E sentirla tremare per l’aria fredda della notte sulla pelle sudata e calda; sentire il suo corpo stringersi al suo e non lasciarlo andare. Non ancora; non così presto. Stringerla e scoprire di non essere ancora soddisfatto, di desiderarla ancora e ancora. Di volerla. Di volere ancora piacere. Piacere da lei.

 

 

 

 

 

 

 

 

 

 

 

 

Piccole annotazioni

 

1. Il luogo della convalescenza di Alessandra esiste realmente e si trova nel centro nella penisola di Izu, famosa per le sue sorgenti termali raccolte fra le montagne scavate da numerosi fiumi come il Kano e ricca di cascate come le famose sette cascate di Kawazu, che hanno ispirato anche il romanzo La ballerina di Izu del premio Nobel Yasunari Kawabata. In particolare, la noka dove vive Alessandra si trova nelle vicinanze di Izu-Nagaoka, oggi rinonama stazione termale ma in epoca Sengoku luogo ancora disabitato, nel centro nord del paese, fra le colline di Genjiyama e il monte Kutsuragi. La panoramica mentale di Sesshomaru prende avvio più a sud, da Yugashima per la precisione, sulle rive del Kano che disegna una valle di magnifico splendore risalendo verso il monte Daruma.

 

2. La figura di Ryoshi (il nome è formato da ryou che significa drago e shi che corrisponde a viola; quindi: drago viola) è liberamente ispirata a quella di Habaek del (personalmente) meravglioso manwha La sposa di Habaek. Riconosco che da parte mia è un azzardo introdurre, a due capitoli dalla fine, un personaggio totalmente nuovo che non ho la possibilità di approfondire ulteriormente in modo particolare. E, a voler esser sinceri, Ryoshi non era previsto, all’inizio. Ma è nato per necessità e ormai ha raggiunto, nell’economia narrativa, un ruolo fondamentale (per il futuro). É anche un piccolo gioco: perchè Ryoshi è legato all’acqua, che per tradizione è elemento femminile. Acqua maschile, quasi. Ma Ryoshi è particolare: è un bambino, è un ragazzo, è un uomo. E non è umano; non è youkai. É un mizuchi, una creatura diversa da Sesshomaru. Per percezione e capacità di comprendere i ningen; ed è –importante- più antico di Sesshomaru e degli youkai stessi.

 

3. Può sembrare un particolare pedante e senza preciso valore, ma ci tenevo a questa precisazione.
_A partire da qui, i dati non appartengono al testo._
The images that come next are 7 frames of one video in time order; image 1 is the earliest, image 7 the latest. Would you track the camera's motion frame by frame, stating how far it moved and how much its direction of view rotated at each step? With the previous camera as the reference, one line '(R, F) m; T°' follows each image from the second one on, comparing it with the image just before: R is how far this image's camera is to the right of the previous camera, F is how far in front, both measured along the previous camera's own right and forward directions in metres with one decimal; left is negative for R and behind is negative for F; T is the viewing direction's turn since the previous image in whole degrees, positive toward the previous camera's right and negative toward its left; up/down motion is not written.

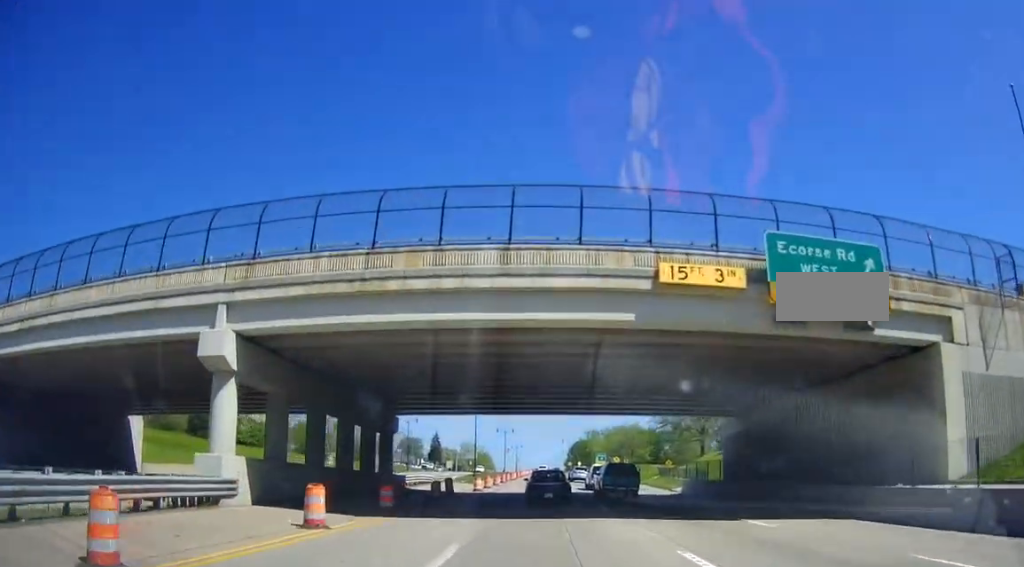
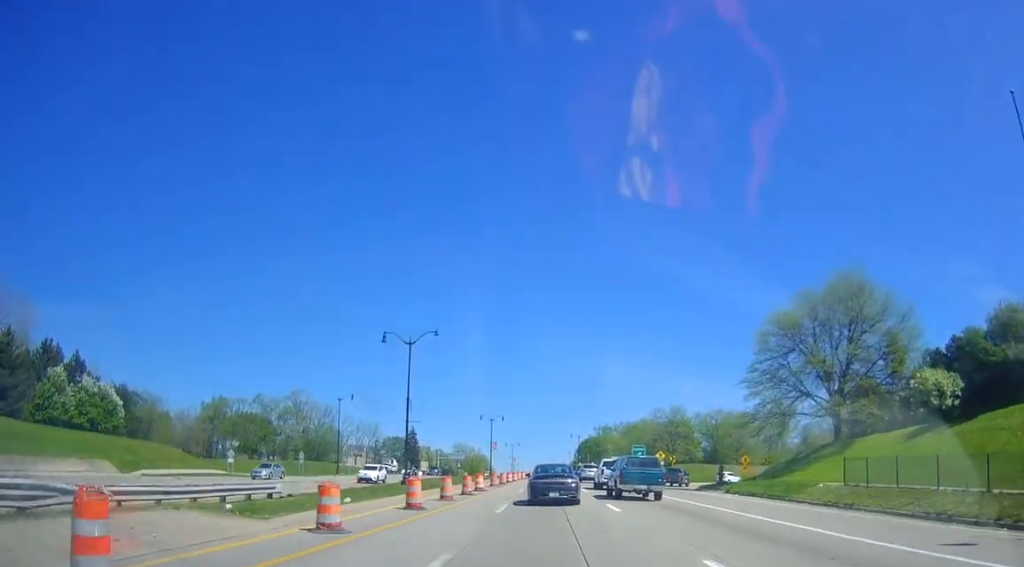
(-0.6, +46.9) m; 0°
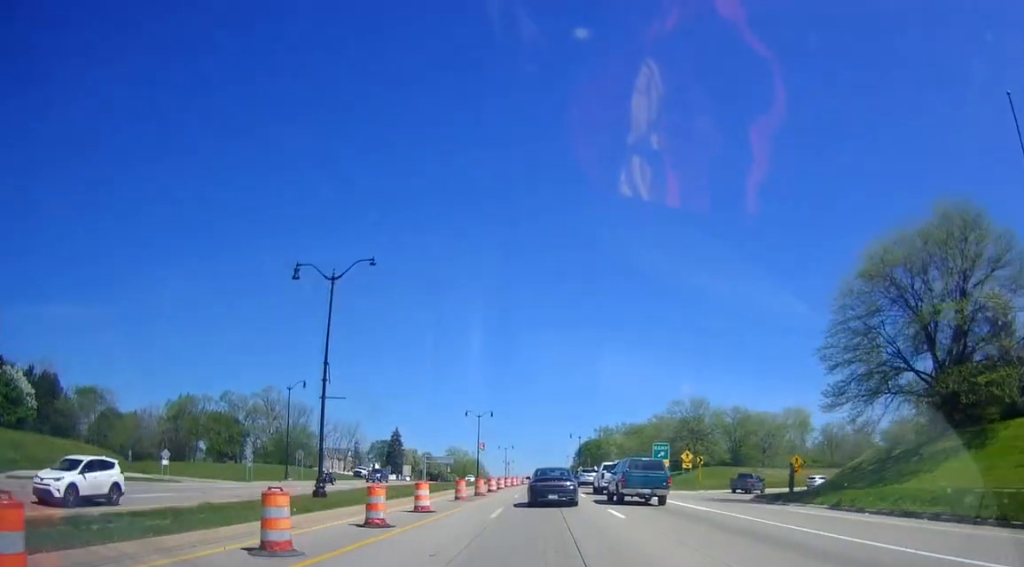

Nel paragrafo conclusivo Sesshomaru non si spoglia e non spoglia completamente Alessandra. Una sciocchezza, direte. Una scelta. No, in verità. Perchè, mi sono documentata, è nella tradizione orientale la seduzione e l’amore non si esprimono nel nudo. Analizzando le stampe, le ukiyo-e e le immagini erotiche della tradizione nipponica è da rilevare come il nudo non compaia mai. L’erotismo si esprime attraverso l’allusione, il gioco di svelamento-copertura, anche nel rapporto più intimo. La mancata nudità totale di Sesshomaru e Alessandra, di conseguenza, non è un mio vezzo, ma ha un suo preciso perchè, culturale e sessuale.